935 F.3d 598
D.C. Cir.2019Background
- The Pork Promotion, Research, and Consumer Information Act authorizes USDA-approved checkoff assessments from pork producers to fund promotion and research but prohibits using funds to influence legislation. 7 U.S.C. §§ 4801, 4808–09.
- The National Pork Board contracted in 2006 to purchase trademarks from the National Pork Producers Council (a lobbying group) for $3 million annually for 20 years; the Board later stopped using most marks but kept paying.
- Plaintiffs (Humane Society, Iowa Citizens, and pork farmer Harvey Dillenburg) sued USDA, alleging the payments improperly funded the Council’s lobbying and diverted funds from legitimate promotions, harming Dillenburg’s economic returns from the checkoff program.
- This Court previously held at the motion-to-dismiss stage that Dillenburg plausibly alleged an economic injury (reduced return on investment) and remanded.
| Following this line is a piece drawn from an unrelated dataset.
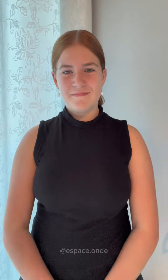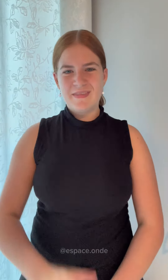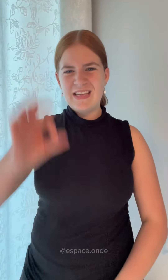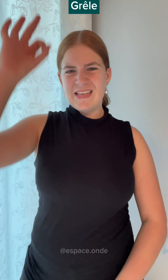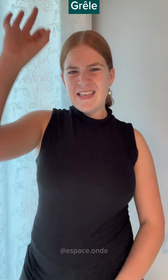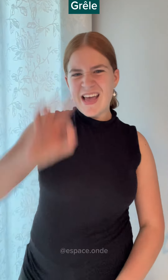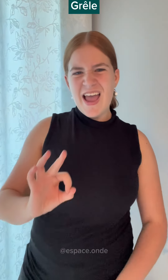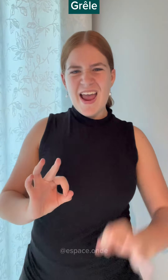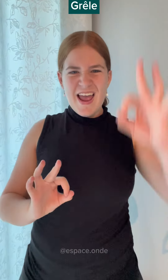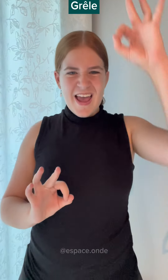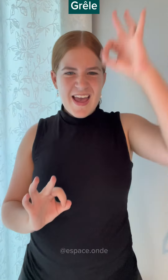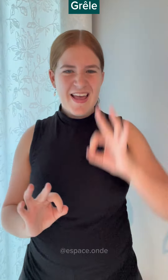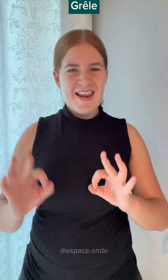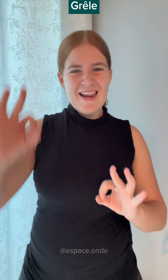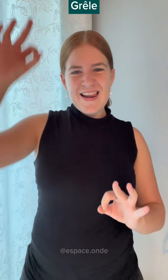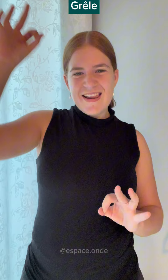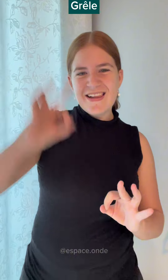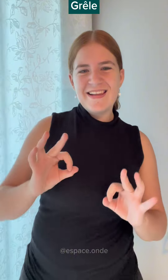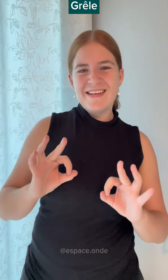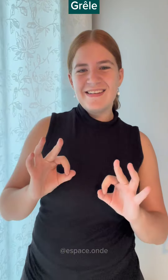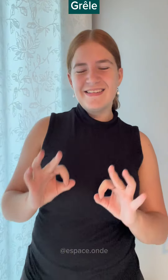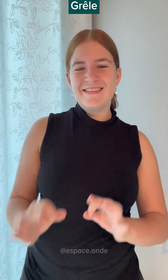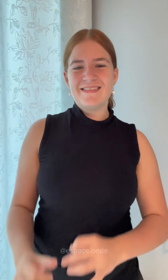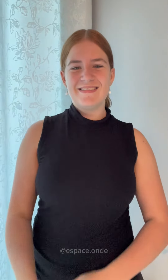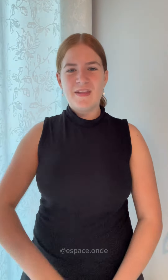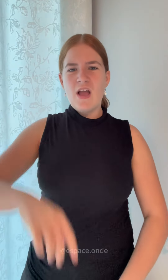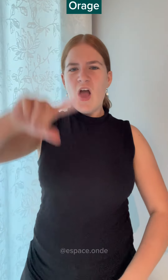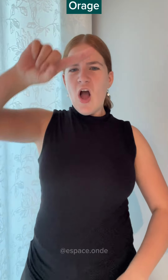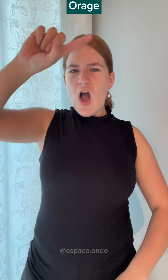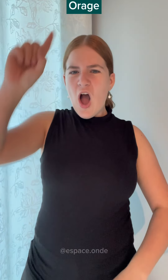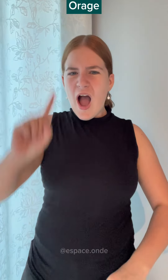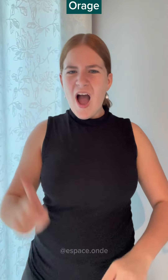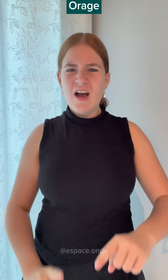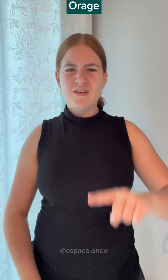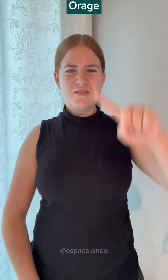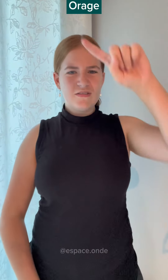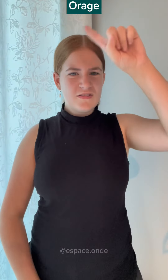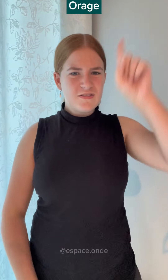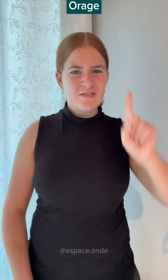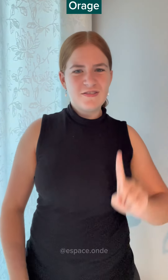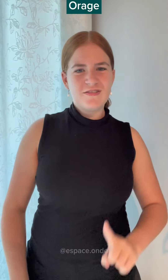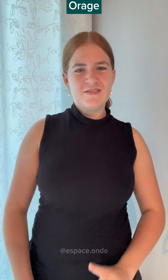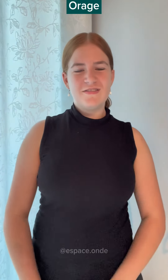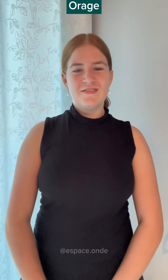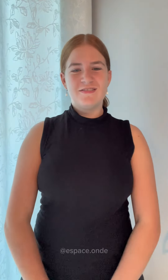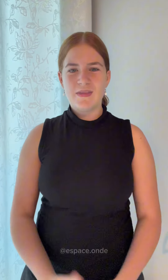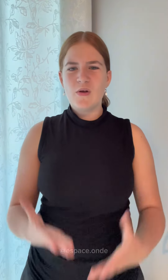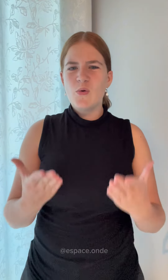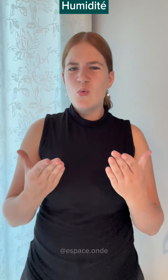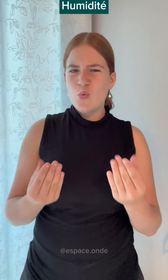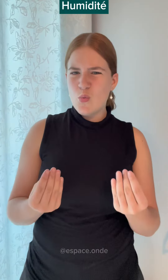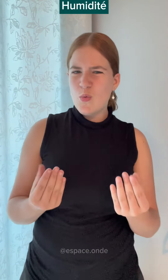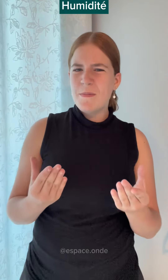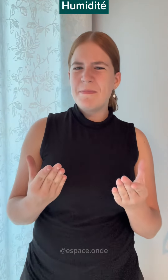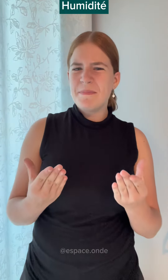grêle, orage, humidité,

On remand USDA reviewed and approved future payments; parties then cross-moved for summary judgment.
- At summary judgment, Dillenburg submitted a one-page declaration claiming he was deprived of the “direct economic benefit” of lawful promotions and that he opposed funding lobbying; he did not present evidence of reduced pork prices or concrete economic loss.
Issues
| Issue | Plaintiff's Argument | Defendant's Argument | Held |
|---|---|---|---|
| Article III standing: injury-in-fact | Dillenburg is a paying checkoff producer and thus suffers injury because he is denied the statutorily required promotional benefit when funds are misused | Plaintiffs must adduce specific facts showing a concrete, particularized economic injury (e.g., reduced prices, lost sales); conclusory statutory-entitlement claims are insufficient | No standing: plaintiff failed to prove a concrete, particularized injury at summary judgment |
| Traceability | Misuse of checkoff funds diverts resources from legitimate promotions, lowering producer returns | Plaintiff offered no record evidence linking Board payments to reduced pork prices or economic harm | Not reached independently because injury element fails; traceability unsupported by record |
| Redressability | Court order stopping payments would restore promotional funds and benefit producers | Plaintiff provided no factual basis that injunctive relief would increase his economic returns | Not satisfied due to lack of proven injury and causal link |
| Organizational standing (Humane Society, Iowa Citizens) | Organizations alleged interest in stopping misuse of funds | No standing affidavits submitted at summary judgment; plaintiffs did not press organizations’ standing on appeal | Forfeited: organizational standing not preserved and not relied on by plaintiffs |
Key Cases Cited
- Lujan v. Defenders of Wildlife, 504 U.S. 555 (1992) (plaintiff bears burden to prove standing with evidence appropriate to the stage of litigation)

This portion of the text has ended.